## What is being asked:
Wherever the string "loose" appears in the records, return the line that holds it.

## Dataset entries:

Start of Block

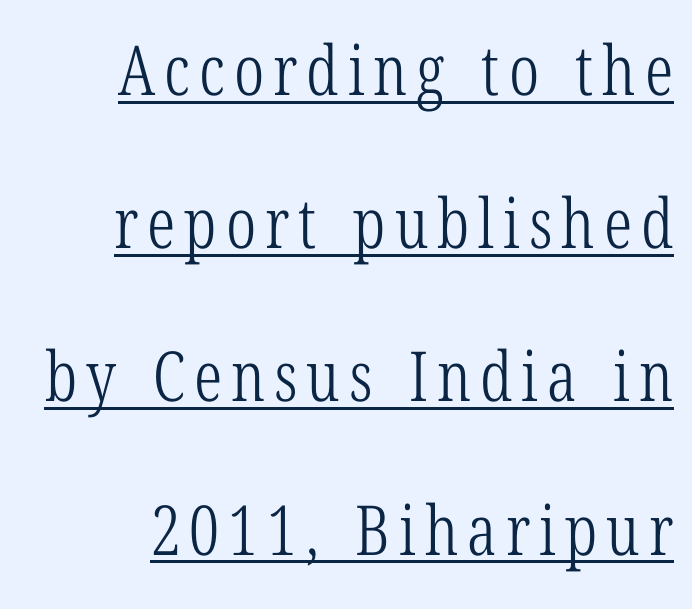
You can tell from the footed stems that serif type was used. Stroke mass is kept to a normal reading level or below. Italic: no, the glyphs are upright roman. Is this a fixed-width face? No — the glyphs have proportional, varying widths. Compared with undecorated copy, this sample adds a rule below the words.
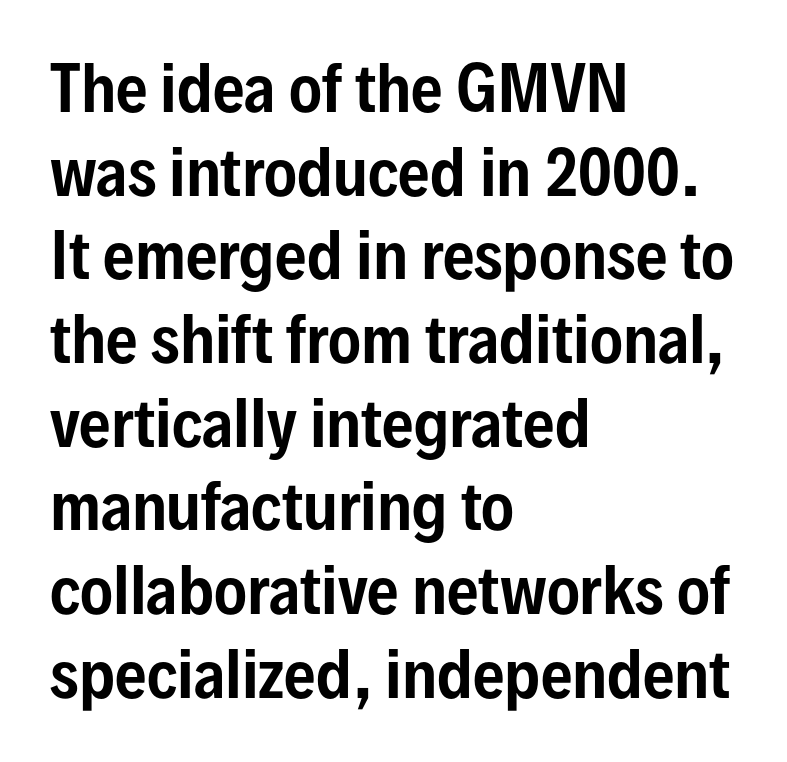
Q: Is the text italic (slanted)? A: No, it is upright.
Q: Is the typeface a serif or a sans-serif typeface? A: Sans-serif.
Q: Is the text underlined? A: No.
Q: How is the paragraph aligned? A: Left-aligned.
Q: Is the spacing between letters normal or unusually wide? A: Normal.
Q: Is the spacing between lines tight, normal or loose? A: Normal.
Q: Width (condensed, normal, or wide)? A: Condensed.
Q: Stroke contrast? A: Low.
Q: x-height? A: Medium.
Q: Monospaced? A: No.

End of Block
Start of Block

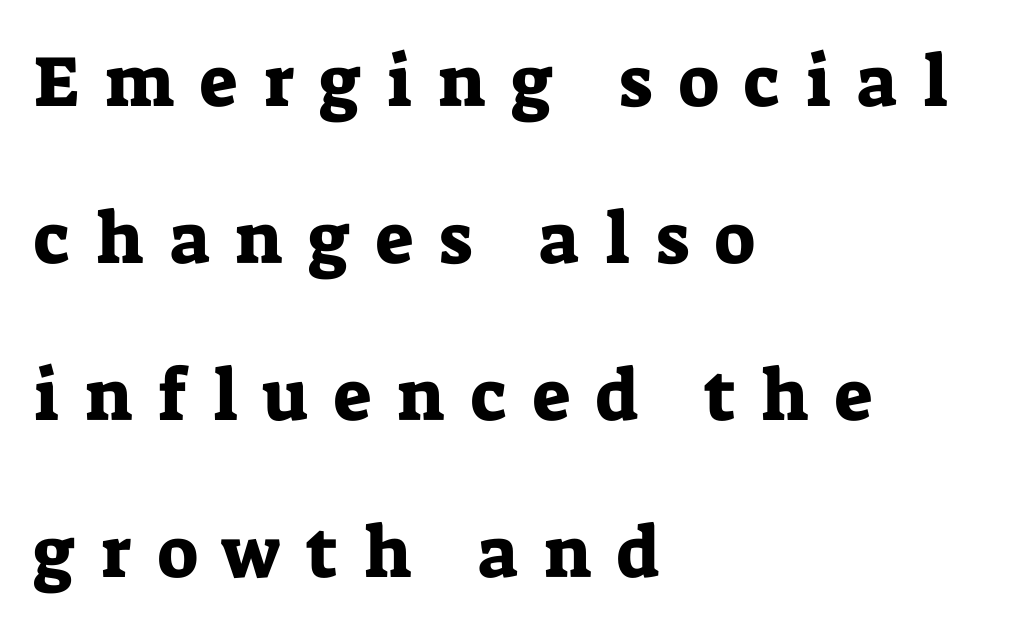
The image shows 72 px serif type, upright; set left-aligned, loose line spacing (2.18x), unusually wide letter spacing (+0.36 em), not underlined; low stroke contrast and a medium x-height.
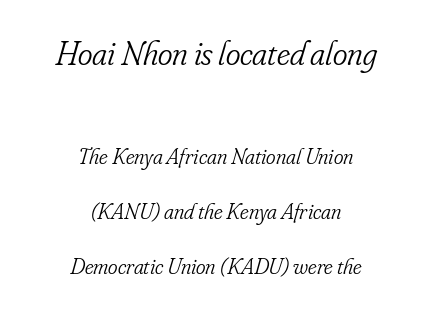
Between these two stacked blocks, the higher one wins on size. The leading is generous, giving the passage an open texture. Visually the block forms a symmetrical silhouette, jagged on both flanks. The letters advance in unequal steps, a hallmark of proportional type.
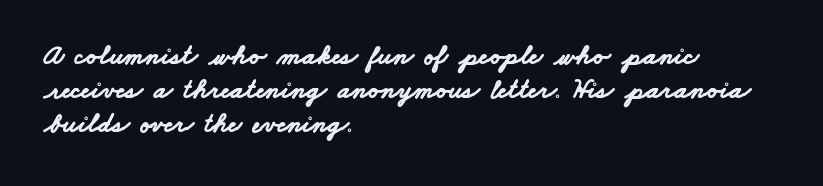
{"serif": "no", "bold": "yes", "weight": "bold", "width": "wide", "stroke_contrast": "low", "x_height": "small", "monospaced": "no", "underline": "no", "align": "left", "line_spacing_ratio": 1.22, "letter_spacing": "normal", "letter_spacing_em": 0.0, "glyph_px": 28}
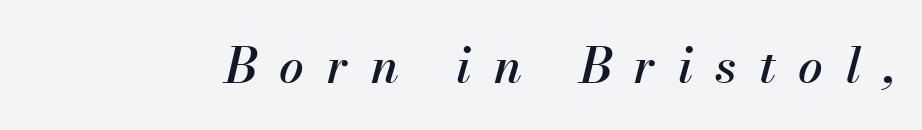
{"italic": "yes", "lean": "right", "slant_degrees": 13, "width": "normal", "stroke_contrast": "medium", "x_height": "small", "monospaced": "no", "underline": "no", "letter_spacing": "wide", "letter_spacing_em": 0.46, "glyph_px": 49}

End of Block

## Worked solution:
Q: Is the spacing between lines tight, normal or loose? A: Normal.
The image shows 72 px serif type, upright; set left-aligned, loose line spacing (2.18x), unusually wide letter spacing (+0.36 em), not underlined; low stroke contrast and a medium x-height.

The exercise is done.